BTW, I elaborated a theory based upon facts.
Perhaps are you able to bring your criticisms?

http://www.somasimple.com/forums/showthread.php?t=2536
http://www.somasimple.com/forums/showthread.php?t=1191
http://www.somasimple.com/forums/showthread.php?t=958
 
Last edited:

1. What is an action potential?

An action potential is an electrical signal that travels along the membrane of a neuron. It is responsible for carrying information between neurons and is essential for communication within the nervous system.

2. How does an action potential occur?

An action potential occurs when the membrane potential of a neuron reaches a certain threshold, causing a rapid depolarization of the membrane. This depolarization then triggers the opening of voltage-gated ion channels, allowing an influx of positively charged ions into the cell. This influx of ions creates an electrical current that travels down the length of the neuron.

3. What is the importance of the action potential?
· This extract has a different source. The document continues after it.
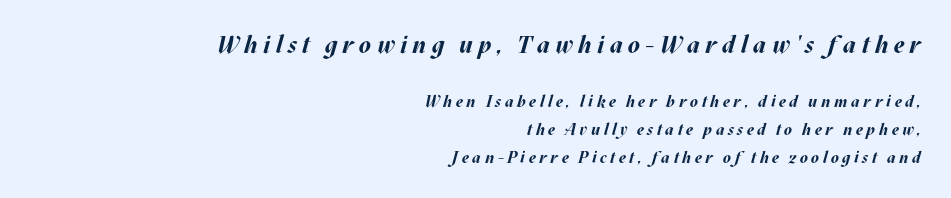
The image shows 24 px bold type, italic (leaning right); set right-aligned, line spacing 1.74x, unusually wide letter spacing (+0.22 em), not underlined; the first (top) block is 1.5x larger.
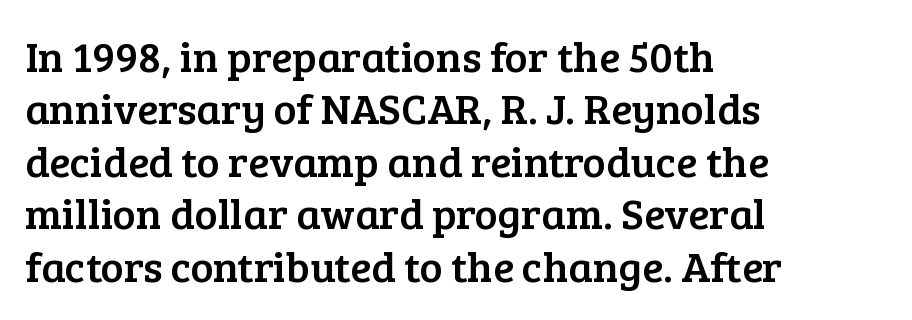
The words here are not underlined. The characters display serif detailing at their extremities. Looks like regular typesetting: each glyph gets only the width it needs. Standard letterfit; no display-style spreading of the glyphs. Where is the straight margin? On the left. The axis of the letterforms is exactly vertical.

The action potential is important because it allows for rapid and efficient communication within the nervous system. It allows for the transmission of signals between neurons, which is essential for processes such as movement, sensation, and cognitive function.

4. Can an action potential be inhibited?

Yes, an action potential can be inhibited. This can occur through a process called hyperpolarization, where the membrane potential becomes more negative, making it more difficult for an action potential to occur. Additionally, certain drugs and medications can also inhibit action potentials by blocking the opening of ion channels.

5. How does the action potential end?

The action potential ends when the membrane potential returns to its resting state. This is achieved through the closing of voltage-gated ion channels and the opening of potassium channels, allowing for the outflow of positively charged ions, which restores the membrane potential to its negative resting state.